In July 2005, General Manager Karen Sanchez was fired.

Just before the summer of 2007, KLBU began operating under Hutton Broadcasting via LMA while still under ownership of Blu Ventures. After the LMA began, KLBU discontinued airing any programming and began running on automation full-time. As it was running on automation, the format slowly began changing, including more Jazz and Rhythmic titles, and less Electronica. At this point, it was known that KLBU would be sold to Hutton Broadcasting. In September, KLBU stopped streaming online and song titles were no longer displayed on the station's website.
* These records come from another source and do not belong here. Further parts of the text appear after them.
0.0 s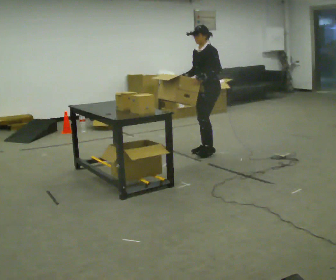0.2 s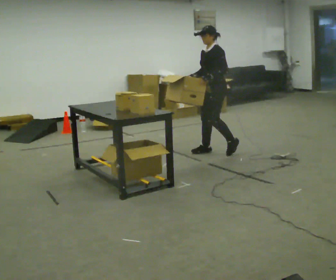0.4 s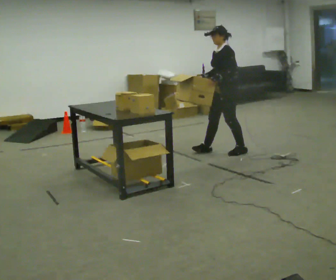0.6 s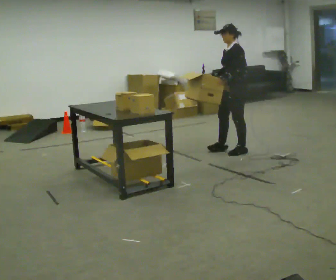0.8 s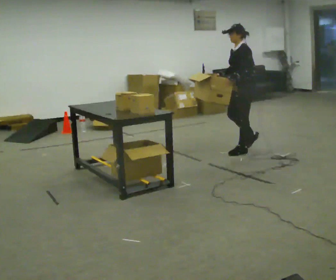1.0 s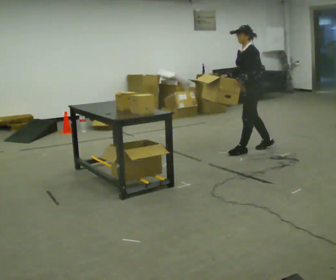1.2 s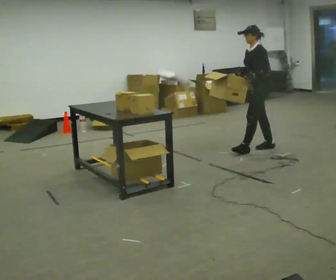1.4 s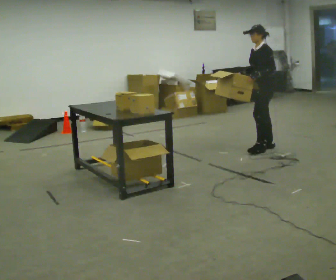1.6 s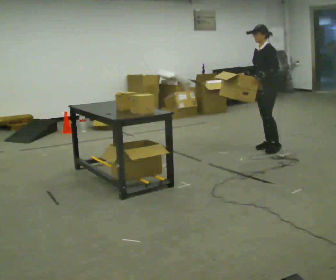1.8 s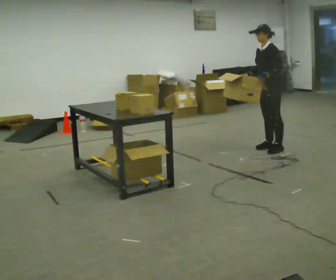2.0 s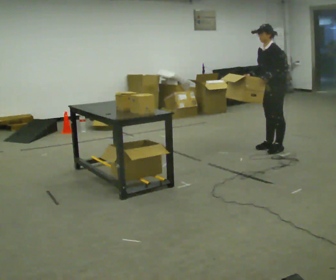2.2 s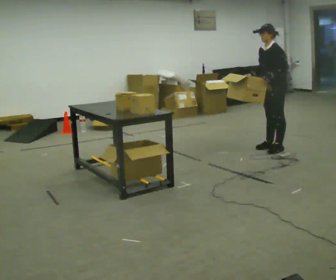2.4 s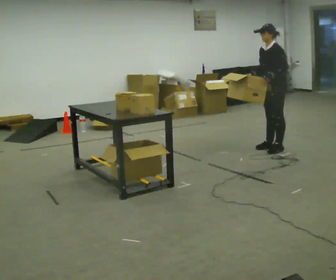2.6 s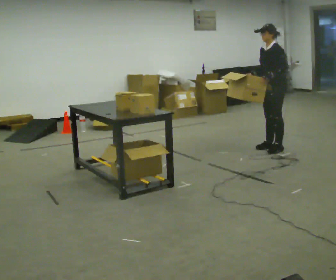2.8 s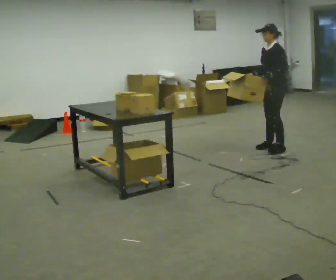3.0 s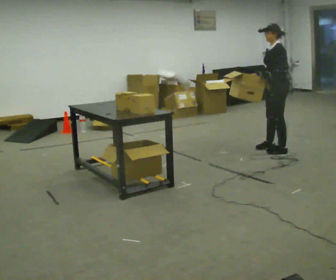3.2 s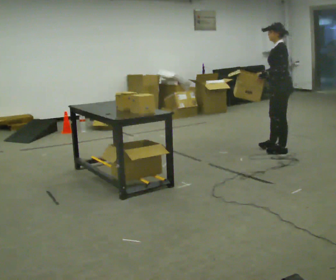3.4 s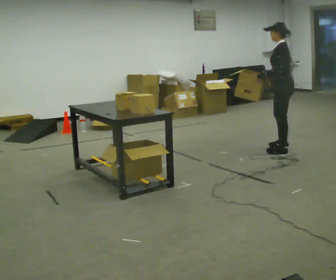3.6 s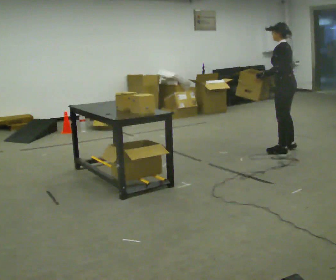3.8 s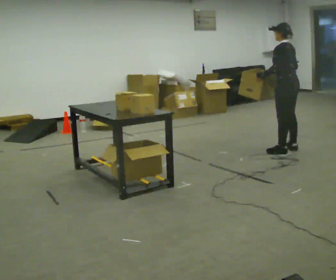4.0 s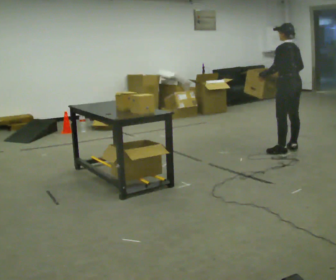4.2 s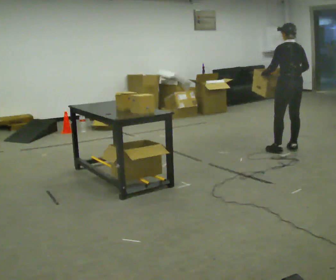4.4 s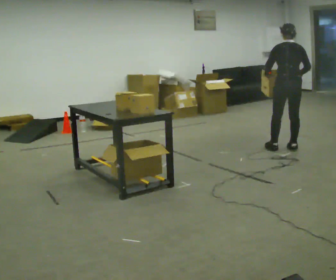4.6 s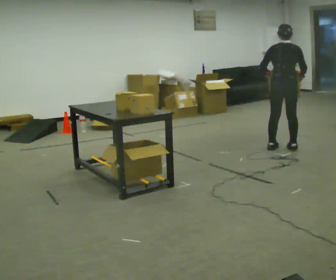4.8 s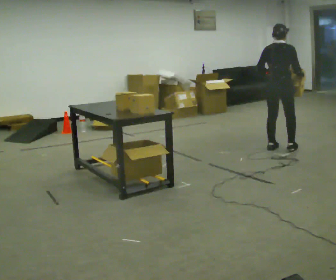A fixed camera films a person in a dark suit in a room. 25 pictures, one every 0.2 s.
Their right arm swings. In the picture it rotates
counterclockwise.
The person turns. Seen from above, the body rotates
clockwise.
0.0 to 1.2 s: In the picture they go to the right, about 0.75 m in 2 steps, which for them is backward.
1.2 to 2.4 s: In the picture they go to the right, about 0.25 m, which for them is backward.
2.4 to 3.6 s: The person turns about 45 degrees to their right, clockwise seen from above, so the part of the body nearest the lens slides to the left. In the picture they go toward the camera, about 0.25 m in 1 step, which for them is to their left.
3.6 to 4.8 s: The part of the body nearest the lens slides to the left as the person turns to their right by about 90 degrees.
The film runs backward here.

In October 2007, KLBU was officially sold to Hutton. Management stated that no big changes were planned, but the format would "evolve" to include other genres. Hutton also purchased KWRP-FM (formerly "Indie 101.5", now KVSF-FM) and KBAC. KLBU also moved out from its original location on Cordova Road to Hutton Broadcasting's building on Camino Estrada.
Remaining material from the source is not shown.